Before the policy change, the study authors found that 57% of the women received injectable contraceptives in counties with Planned Parenthood affiliates returned on time for subsequent injections, as did 55% of those in non-Planned Parenthood counties. After Texas began excluding Planned Parenthood clinics from its program, they found that the percentage of women in counties with Planned Parenthood affiliates who returned on time for injectable contraceptives dropped from 57% to 38%, and then remained relatively stable for the next two years. In the counties without Planned Parenthood affiliates, which were likely less affected by the policy change, the percent of women returning on time increased from 55% to 59% and remained stable.

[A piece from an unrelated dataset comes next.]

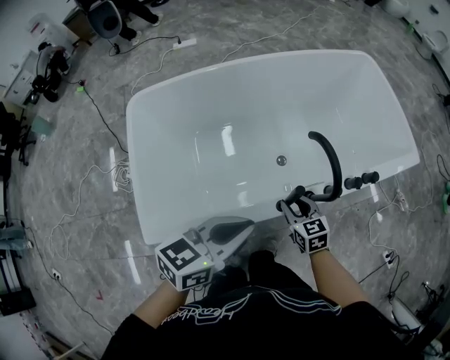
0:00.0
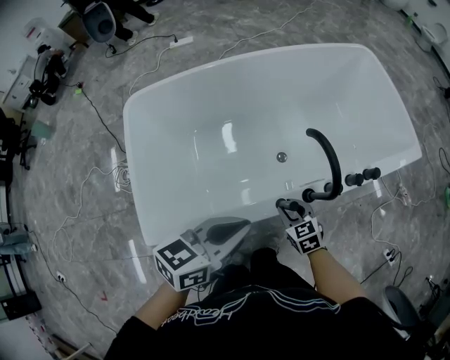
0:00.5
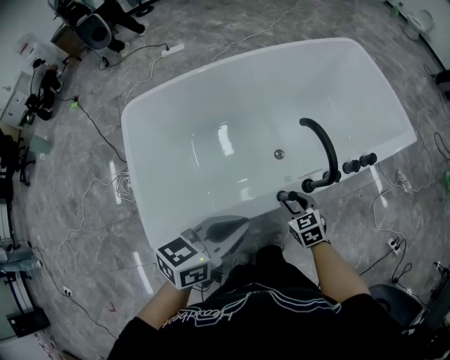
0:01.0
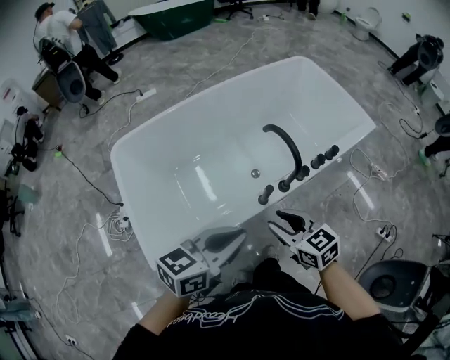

Stevenson and her colleagues also found the percentage of births covered by Medicaid (i.e., to women who’d be eligible for TWHP) for the women who’d received injectible contraceptives increased in the counties with Planned Parenthood affiliates but decreased in the counties without Planned Parenthood affiliates. The authors point out that they have no information on whether these pregnancies were intended or not. However, I find a widespread reduction in access to more-effective contraception in the first group of counties, and substitution of less-effective methods, to be a far more compelling explanation for the difference in births between the two groups. The alternative would be that lower-income women in counties with Planned Parenthood clinics suddenly experienced a stronger and much more immediate desire to have children than their counterparts in other counties.
As the authors of this study point out, Texas is not the only state where officials want to exclude Planned Parenthood affiliates and other providers from family-planning programs. I hope elected officials acknowledge these research findings and realize that short-sighted policies like the one in Texas have serious consequences for women’s health.